◆ **Try it**: Without including any pictures, give back all of the data exactly.

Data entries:
○ ○ ○

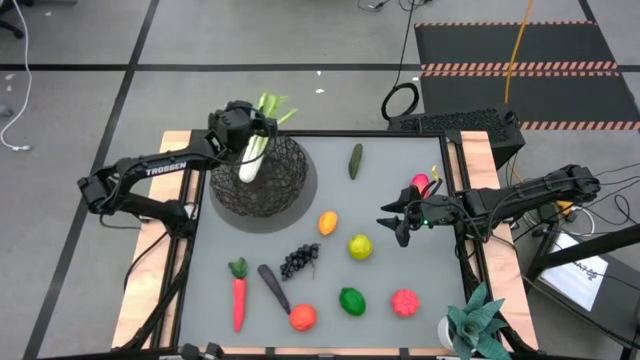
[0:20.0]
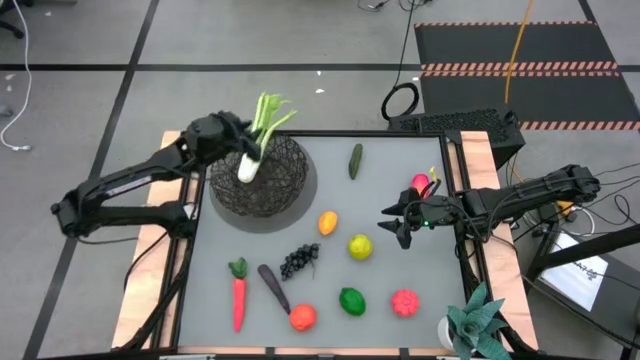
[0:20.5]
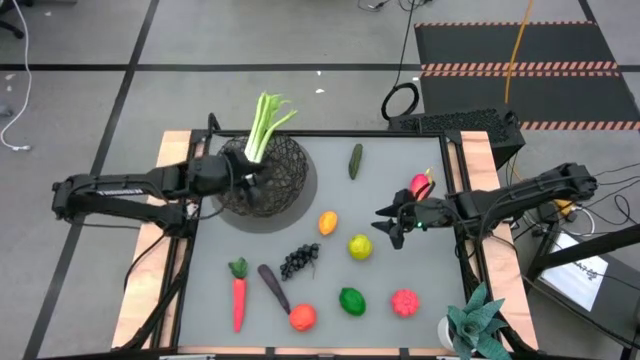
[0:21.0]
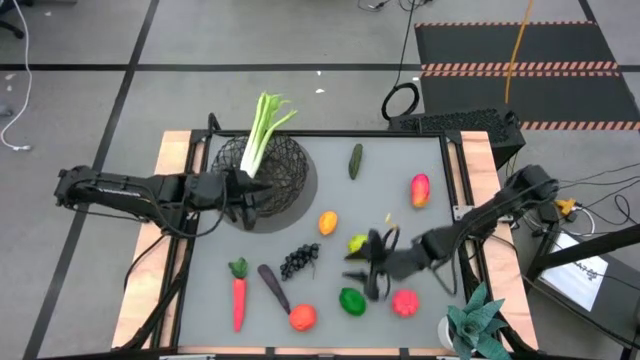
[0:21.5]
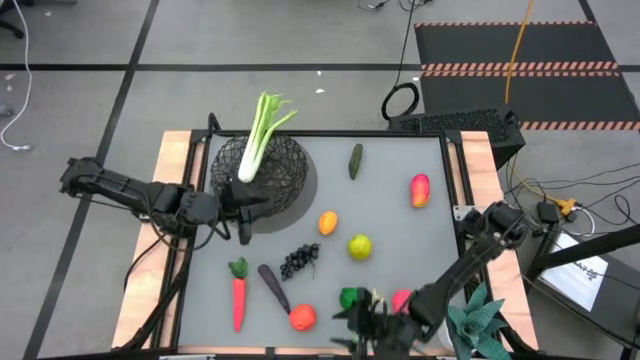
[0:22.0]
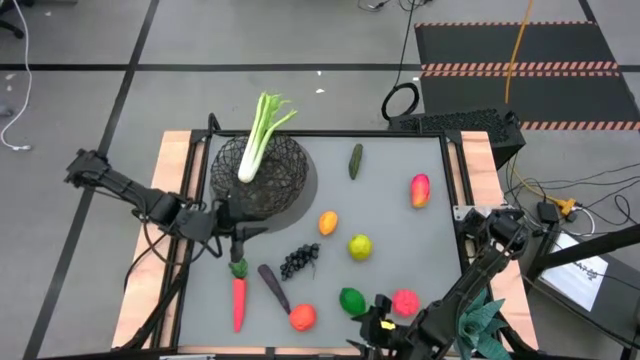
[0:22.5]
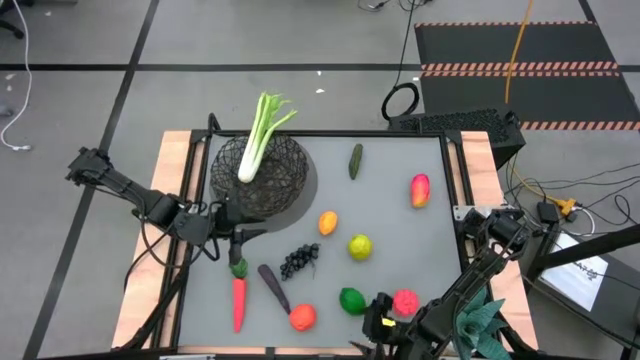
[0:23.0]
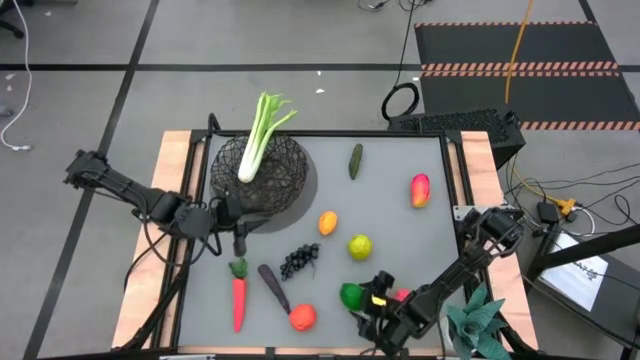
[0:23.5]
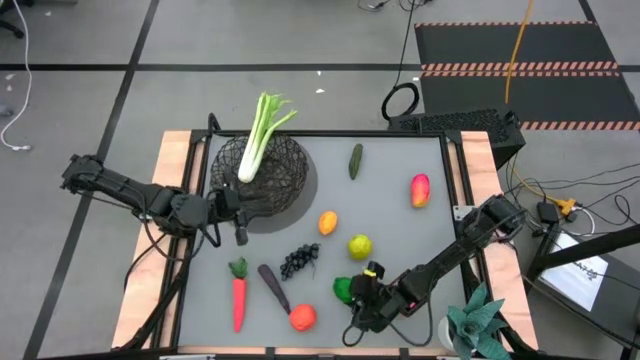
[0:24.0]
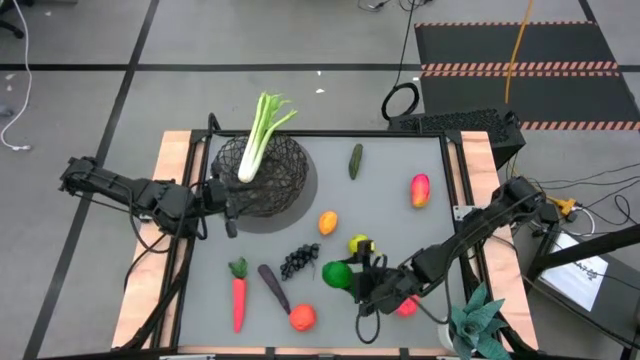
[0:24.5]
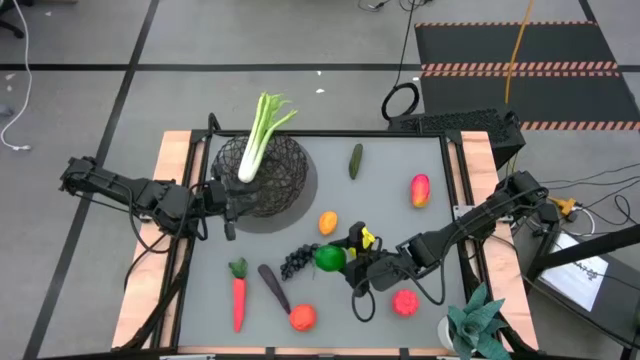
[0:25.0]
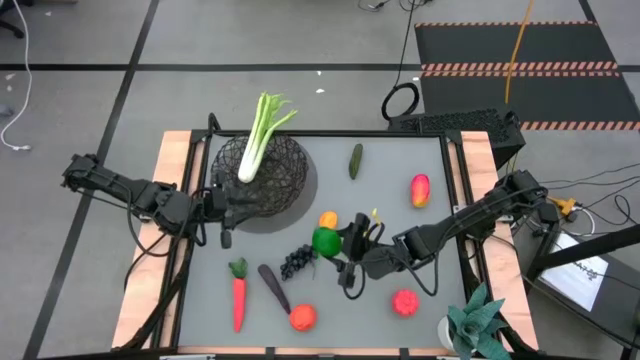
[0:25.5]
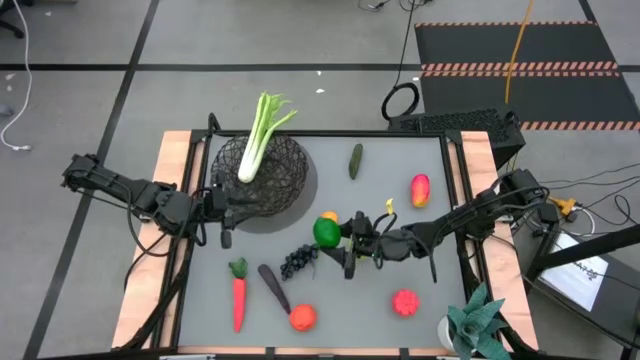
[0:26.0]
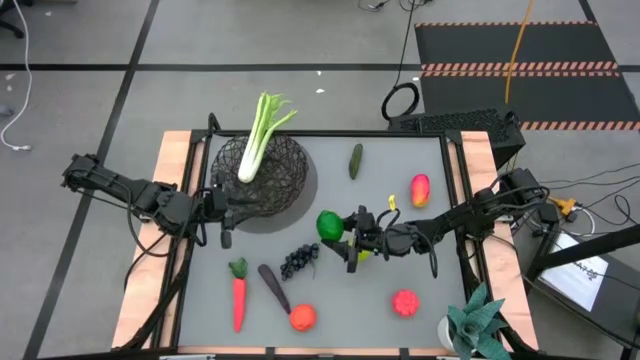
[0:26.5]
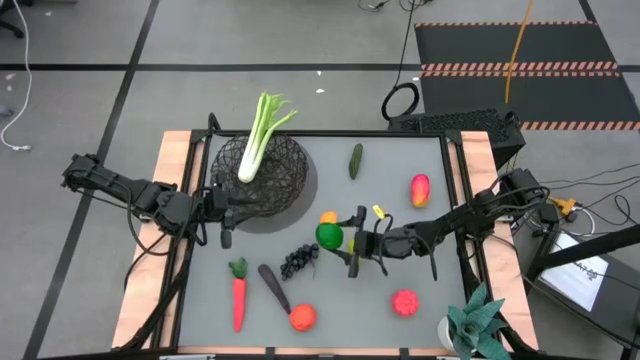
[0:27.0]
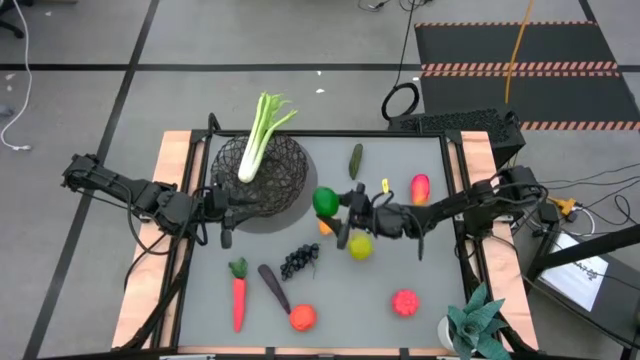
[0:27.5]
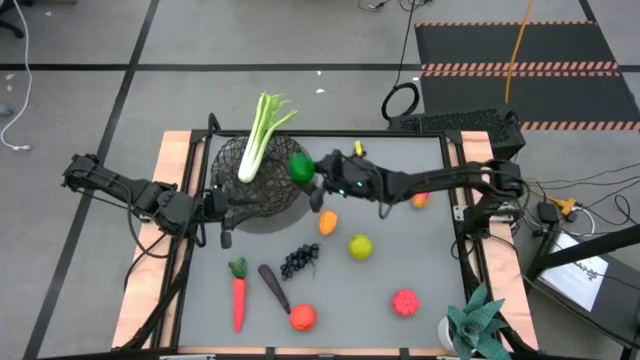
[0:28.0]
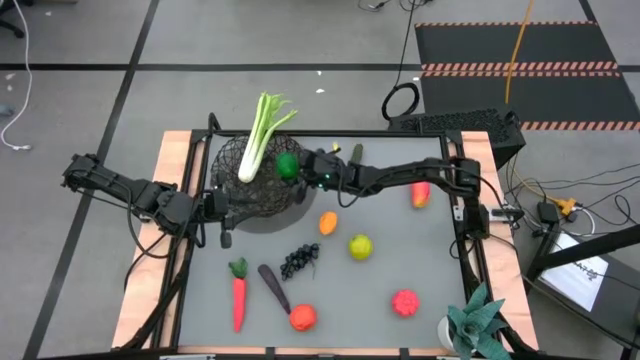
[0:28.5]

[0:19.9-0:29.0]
Task: Build produce basket
Put the green lime into the wire basket

○ ○ ○

◆ **Output of the exercise**:
[0:20.0]
[0:20.5]
[0:21.0]
[0:21.5]
[0:22.0]
[0:22.5]
[0:23.0]
[0:23.5]
[0:24.0]
[0:24.5]
[0:25.0]
[0:25.5]
[0:26.0]
[0:26.5]
[0:27.0]
[0:27.5]
[0:28.0]
[0:28.5]

[0:19.9-0:29.0]
Task: Build produce basket
Put the green lime into the wire basket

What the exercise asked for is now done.